Restate the data word for word and leave the images out.

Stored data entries
########

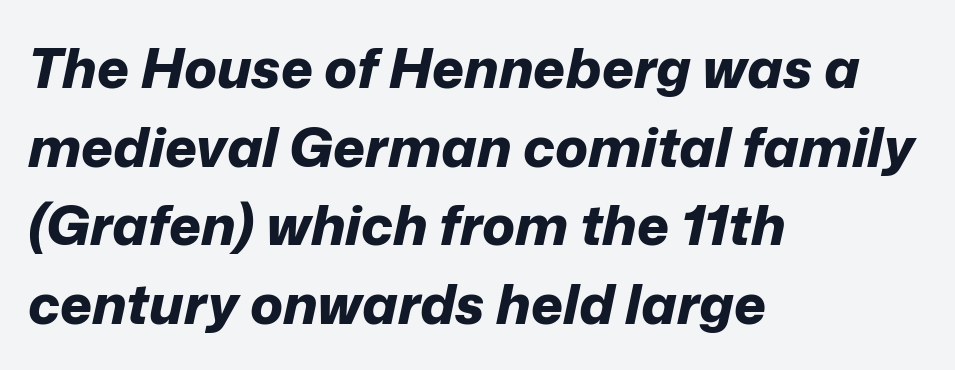
The image shows 55 px bold type, italic (leaning right); set left-aligned, normal line spacing (1.43x), normal letter spacing, not underlined; low stroke contrast and a medium x-height.
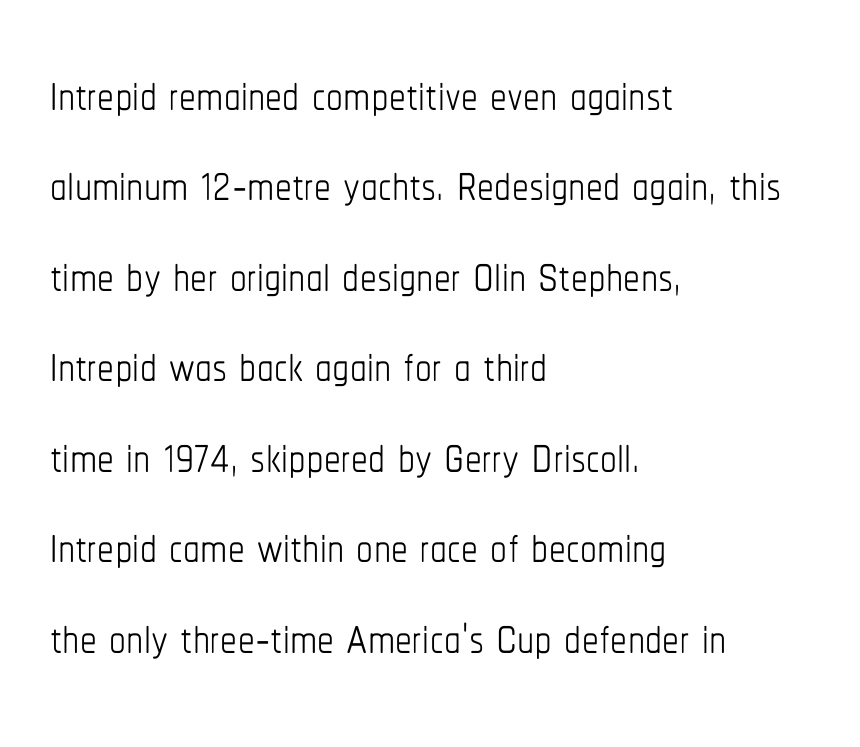
The image shows 67 px thin, condensed type, upright; set left-aligned, normal line spacing (1.35x), normal letter spacing, not underlined; low stroke contrast and a medium x-height.
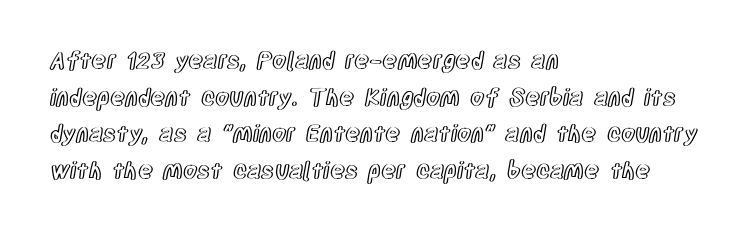
Notice how the passage keeps a crisp vertical edge on the left only. A typesetter would call this leading conventional body-copy spacing. Is the letter spacing exaggerated? No — it looks like the ordinary default.
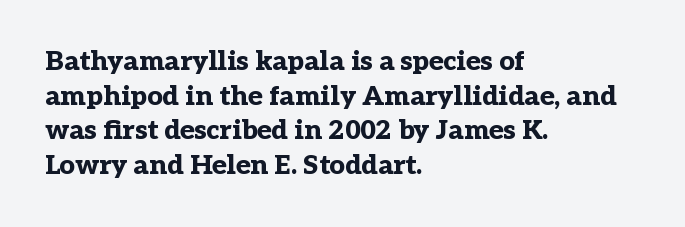
Q: Is the text bold? A: Yes.
Q: Is the text italic (slanted)? A: No, it is upright.
Q: Is the text underlined? A: No.
Q: How is the paragraph aligned? A: Left-aligned.
Q: Is the spacing between letters normal or unusually wide? A: Normal.
Q: Is the spacing between lines tight, normal or loose? A: Normal.
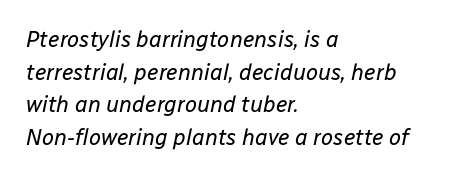
A typesetter would call this zero additional tracking. Caption: face not bold, strokes unweighted. Tall strokes in this sample are angled rather than plumb. The strip under each line holds only bare page. If you measured baseline to baseline, you'd find a middling distance.
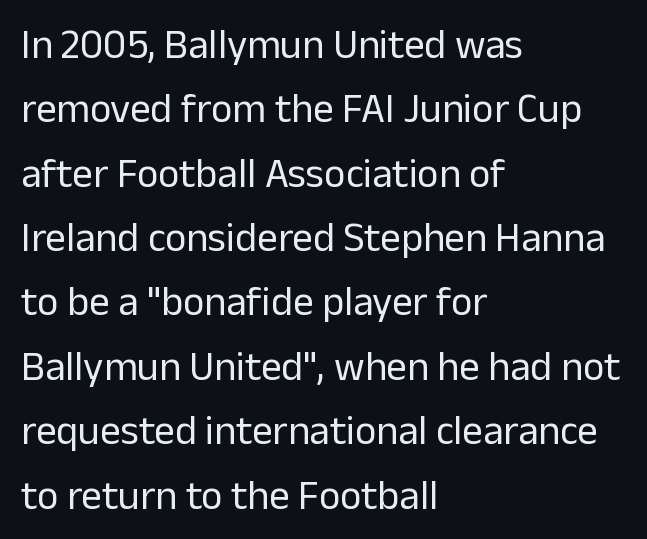
The image shows 41 px regular-weight sans-serif type, upright; set left-aligned, normal line spacing (1.57x), normal letter spacing, not underlined; low stroke contrast and a medium x-height.
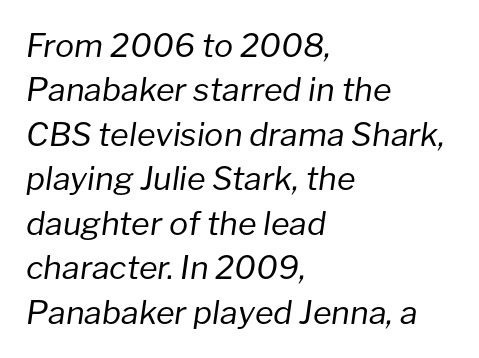
Q: Is the text bold? A: No.
Q: Is the text italic (slanted)? A: Yes, it leans right by about 8 degrees.
Q: Is the text underlined? A: No.
Q: How is the paragraph aligned? A: Left-aligned.
Q: Is the spacing between letters normal or unusually wide? A: Normal.
Q: Is the spacing between lines tight, normal or loose? A: Normal.
Q: Width (condensed, normal, or wide)? A: Normal.
Q: Stroke contrast? A: Low.
Q: x-height? A: Medium.
Q: Monospaced? A: No.

########

* **TASK OUTPUT**
The image shows 55 px bold type, italic (leaning right); set left-aligned, normal line spacing (1.43x), normal letter spacing, not underlined; low stroke contrast and a medium x-height.
The image shows 67 px thin, condensed type, upright; set left-aligned, normal line spacing (1.35x), normal letter spacing, not underlined; low stroke contrast and a medium x-height.
Notice how the passage keeps a crisp vertical edge on the left only. A typesetter would call this leading conventional body-copy spacing. Is the letter spacing exaggerated? No — it looks like the ordinary default.
Q: Is the text bold? A: Yes.
Q: Is the text italic (slanted)? A: No, it is upright.
Q: Is the text underlined? A: No.
Q: How is the paragraph aligned? A: Left-aligned.
Q: Is the spacing between letters normal or unusually wide? A: Normal.
Q: Is the spacing between lines tight, normal or loose? A: Normal.
A typesetter would call this zero additional tracking. Caption: face not bold, strokes unweighted. Tall strokes in this sample are angled rather than plumb. The strip under each line holds only bare page. If you measured baseline to baseline, you'd find a middling distance.
The image shows 41 px regular-weight sans-serif type, upright; set left-aligned, normal line spacing (1.57x), normal letter spacing, not underlined; low stroke contrast and a medium x-height.
Q: Is the text bold? A: No.
Q: Is the text italic (slanted)? A: Yes, it leans right by about 8 degrees.
Q: Is the text underlined? A: No.
Q: How is the paragraph aligned? A: Left-aligned.
Q: Is the spacing between letters normal or unusually wide? A: Normal.
Q: Is the spacing between lines tight, normal or loose? A: Normal.
Q: Width (condensed, normal, or wide)? A: Normal.
Q: Stroke contrast? A: Low.
Q: x-height? A: Medium.
Q: Monospaced? A: No.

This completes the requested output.